I don't give a hoot about whatever the feud between you and Venom is about, but it gives me a "The enemy of my enemy is my friend" vibe. Mainly because if Venom insulted anybody, he insulted the OP, and if that OP is as grown-up as he claims to be, he can take care of himself- Hint- "You're not my mom"...bad way to debate.

Reactions: Like 3 | Agree 1


----------



## Arachnopets (Sep 26, 2017)

millz said:


> wow that sounds like alot of work is it worth it? what would happen if i orderd without going through that proccess


It most certainly IS a lot of work. Most definitely worth it. What would happen? You can go to jail. It's illegal, period. In addition to aiding in destroying our hobby. If you care any bit for this hobby and being able to keep your tarantulas, you will ONLY want to do things the legal way. How this is not obvious, is just mind boggling to me. SMH  

Debby

Reactions: Like 5 | Agree 1 | Love 3


----------



## Tim Benzedrine (Sep 26, 2017)

Note the title above. Insult Debby at your own peril.   Really, though, don't.

(Inside joke alert)

She'll sic Molly Ringwald on you. Molly is terrible. As a teen she was a menace.
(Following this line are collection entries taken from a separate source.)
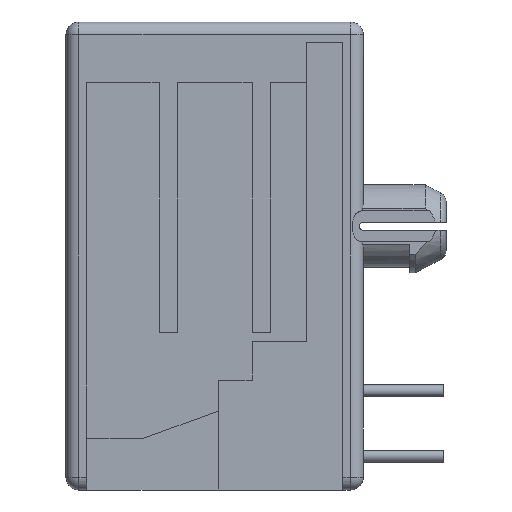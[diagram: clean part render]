
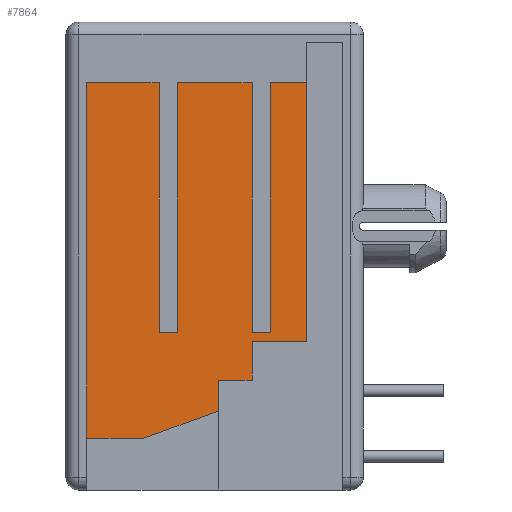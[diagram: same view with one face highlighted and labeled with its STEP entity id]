
A CAD part, left-side view. The second image highlights one B-rep face of the part: STEP entity #7864.
In plain terms, the highlighted planar face has unit normal (-1, 0, 0).
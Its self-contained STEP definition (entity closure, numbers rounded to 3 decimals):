
#2989=DIRECTION('',(0.,-1.,0.));
#2990=VECTOR('',#2989,2.2);
#2991=CARTESIAN_POINT('',(-4.7,4.95,-16.1));
#2992=LINE('',#2991,#2990);
#2993=DIRECTION('',(0.,0.,-1.));
#2994=VECTOR('',#2993,13.75);
#2995=CARTESIAN_POINT('',(-4.7,4.95,-2.35));
#2996=LINE('',#2995,#2994);
#2997=DIRECTION('',(0.,1.,0.));
#2998=VECTOR('',#2997,2.8);
#2999=CARTESIAN_POINT('',(-4.7,2.15,-2.35));
#3000=LINE('',#2999,#2998);
#3001=DIRECTION('',(0.,0.,1.));
#3002=VECTOR('',#3001,9.65);
#3003=CARTESIAN_POINT('',(-4.7,2.15,-12.));
#3004=LINE('',#3003,#3002);
#3005=DIRECTION('',(0.,1.,0.));
#3006=VECTOR('',#3005,0.7);
#3007=CARTESIAN_POINT('',(-4.7,1.45,-12.));
#3008=LINE('',#3007,#3006);
#3009=DIRECTION('',(0.,0.,-1.));
#3010=VECTOR('',#3009,9.65);
#3011=CARTESIAN_POINT('',(-4.7,1.45,-2.35));
#3012=LINE('',#3011,#3010);
#3013=DIRECTION('',(0.,1.,0.));
#3014=VECTOR('',#3013,2.9);
#3015=CARTESIAN_POINT('',(-4.7,-1.45,-2.35));
#3016=LINE('',#3015,#3014);
#3017=DIRECTION('',(0.,0.,1.));
#3018=VECTOR('',#3017,9.65);
#3019=CARTESIAN_POINT('',(-4.7,-1.45,-12.));
#3020=LINE('',#3019,#3018);
#3021=DIRECTION('',(0.,1.,0.));
#3022=VECTOR('',#3021,0.7);
#3023=CARTESIAN_POINT('',(-4.7,-2.15,-12.));
#3024=LINE('',#3023,#3022);
#3025=DIRECTION('',(0.,0.,-1.));
#3026=VECTOR('',#3025,9.65);
#3027=CARTESIAN_POINT('',(-4.7,-2.15,-2.35));
#3028=LINE('',#3027,#3026);
#3029=DIRECTION('',(0.,1.,0.));
#3030=VECTOR('',#3029,1.4);
#3031=CARTESIAN_POINT('',(-4.7,-3.55,-2.35));
#3032=LINE('',#3031,#3030);
#3033=DIRECTION('',(0.,0.,-1.));
#3034=VECTOR('',#3033,10.);
#3035=CARTESIAN_POINT('',(-4.7,-3.55,-2.35));
#3036=LINE('',#3035,#3034);
#3037=DIRECTION('',(0.,-1.,0.));
#3038=VECTOR('',#3037,2.1);
#3039=CARTESIAN_POINT('',(-4.7,-1.45,-12.35));
#3040=LINE('',#3039,#3038);
#3041=DIRECTION('',(0.,0.,1.));
#3042=VECTOR('',#3041,1.5);
#3043=CARTESIAN_POINT('',(-4.7,-1.45,-13.85));
#3044=LINE('',#3043,#3042);
#3045=DIRECTION('',(0.,-1.,0.));
#3046=VECTOR('',#3045,1.3);
#3047=CARTESIAN_POINT('',(-4.7,-0.15,-13.85));
#3048=LINE('',#3047,#3046);
#3049=DIRECTION('',(0.,0.,1.));
#3050=VECTOR('',#3049,1.194);
#3051=CARTESIAN_POINT('',(-4.7,-0.15,-15.044));
#3052=LINE('',#3051,#3050);
#3053=DIRECTION('',(0.,-0.94,0.342));
#3054=VECTOR('',#3053,3.086);
#3055=CARTESIAN_POINT('',(-4.7,2.75,-16.1));
#3056=LINE('',#3055,#3054);
#3538=CARTESIAN_POINT('',(-4.7,-1.45,-2.35));
#3539=CARTESIAN_POINT('',(-4.7,1.45,-2.35));
#3540=VERTEX_POINT('',#3538);
#3541=VERTEX_POINT('',#3539);
#3542=CARTESIAN_POINT('',(-4.7,1.45,-12.));
#3543=VERTEX_POINT('',#3542);
#3544=CARTESIAN_POINT('',(-4.7,2.15,-12.));
#3545=VERTEX_POINT('',#3544);
#3546=CARTESIAN_POINT('',(-4.7,2.15,-2.35));
#3547=VERTEX_POINT('',#3546);
#3548=CARTESIAN_POINT('',(-4.7,4.95,-2.35));
#3549=VERTEX_POINT('',#3548);
#3562=CARTESIAN_POINT('',(-4.7,-2.15,-2.35));
#3563=CARTESIAN_POINT('',(-4.7,-2.15,-12.));
#3564=VERTEX_POINT('',#3562);
#3565=VERTEX_POINT('',#3563);
#3566=CARTESIAN_POINT('',(-4.7,-1.45,-12.));
#3567=VERTEX_POINT('',#3566);
#3684=CARTESIAN_POINT('',(-4.7,-0.15,-13.85));
#3685=CARTESIAN_POINT('',(-4.7,-1.45,-13.85));
#3686=VERTEX_POINT('',#3684);
#3687=VERTEX_POINT('',#3685);
#3688=CARTESIAN_POINT('',(-4.7,-1.45,-12.35));
#3689=VERTEX_POINT('',#3688);
#3690=CARTESIAN_POINT('',(-4.7,-3.55,-12.35));
#3691=VERTEX_POINT('',#3690);
#3692=CARTESIAN_POINT('',(-4.7,-3.55,-2.35));
#3693=VERTEX_POINT('',#3692);
#3718=CARTESIAN_POINT('',(-4.7,4.95,-16.1));
#3719=CARTESIAN_POINT('',(-4.7,2.75,-16.1));
#3720=VERTEX_POINT('',#3718);
#3721=VERTEX_POINT('',#3719);
#3722=CARTESIAN_POINT('',(-4.7,-0.15,-15.044));
#3723=VERTEX_POINT('',#3722);
#7827=CARTESIAN_POINT('',(-4.7,0.,0.));
#7828=DIRECTION('',(-1.,0.,0.));
#7829=DIRECTION('',(0.,0.,1.));
#7830=AXIS2_PLACEMENT_3D('',#7827,#7828,#7829);
#7831=PLANE('',#7830);
#7833=ORIENTED_EDGE('',*,*,#7832,.F.);
#7834=ORIENTED_EDGE('',*,*,#7076,.F.);
#7836=ORIENTED_EDGE('',*,*,#7835,.F.);
#7838=ORIENTED_EDGE('',*,*,#7837,.F.);
#7840=ORIENTED_EDGE('',*,*,#7839,.F.);
#7842=ORIENTED_EDGE('',*,*,#7841,.F.);
#7844=ORIENTED_EDGE('',*,*,#7843,.F.);
#7846=ORIENTED_EDGE('',*,*,#7845,.F.);
#7848=ORIENTED_EDGE('',*,*,#7847,.F.);
#7850=ORIENTED_EDGE('',*,*,#7849,.F.);
#7852=ORIENTED_EDGE('',*,*,#7851,.F.);
#7853=ORIENTED_EDGE('',*,*,#7805,.T.);
#7854=ORIENTED_EDGE('',*,*,#7818,.F.);
#7856=ORIENTED_EDGE('',*,*,#7855,.F.);
#7858=ORIENTED_EDGE('',*,*,#7857,.F.);
#7859=ORIENTED_EDGE('',*,*,#7040,.F.);
#7861=ORIENTED_EDGE('',*,*,#7860,.F.);
#7862=EDGE_LOOP('',(#7833,#7834,#7836,#7838,#7840,#7842,#7844,#7846,#7848,#7850,
#7852,#7853,#7854,#7856,#7858,#7859,#7861));
#7863=FACE_OUTER_BOUND('',#7862,.F.);
#7864=ADVANCED_FACE('',(#7863),#7831,.T.);
#7040=EDGE_CURVE('',#3723,#3686,#3052,.T.);
#7076=EDGE_CURVE('',#3549,#3720,#2996,.T.);
#7805=EDGE_CURVE('',#3693,#3691,#3036,.T.);
#7818=EDGE_CURVE('',#3689,#3691,#3040,.T.);
#7832=EDGE_CURVE('',#3720,#3721,#2992,.T.);
#7835=EDGE_CURVE('',#3547,#3549,#3000,.T.);
#7837=EDGE_CURVE('',#3545,#3547,#3004,.T.);
#7839=EDGE_CURVE('',#3543,#3545,#3008,.T.);
#7841=EDGE_CURVE('',#3541,#3543,#3012,.T.);
#7843=EDGE_CURVE('',#3540,#3541,#3016,.T.);
#7845=EDGE_CURVE('',#3567,#3540,#3020,.T.);
#7847=EDGE_CURVE('',#3565,#3567,#3024,.T.);
#7849=EDGE_CURVE('',#3564,#3565,#3028,.T.);
#7851=EDGE_CURVE('',#3693,#3564,#3032,.T.);
#7855=EDGE_CURVE('',#3687,#3689,#3044,.T.);
#7857=EDGE_CURVE('',#3686,#3687,#3048,.T.);
#7860=EDGE_CURVE('',#3721,#3723,#3056,.T.);

Gah! I invoked the name of Molly Ringwald! AND insulted her! Now she'll never consider my screenplay for "Pretty in Pinktoe", a romantic teen-comedy about a girl and her Avicularia!

Reactions: Funny 6


----------



## PidderPeets (Sep 26, 2017)

I literally have no information or advice to offer, because I quite frankly don't wanna get involved in any of this (lurking has been interesting though). But for the sake of the moderators, I'd at least like to ask that you maybe tone down the cursing a bit, as it's against forum rules. Plus, it's a bit frustrating as someone reading through the thread to see "such and such <edit> blah blah blah"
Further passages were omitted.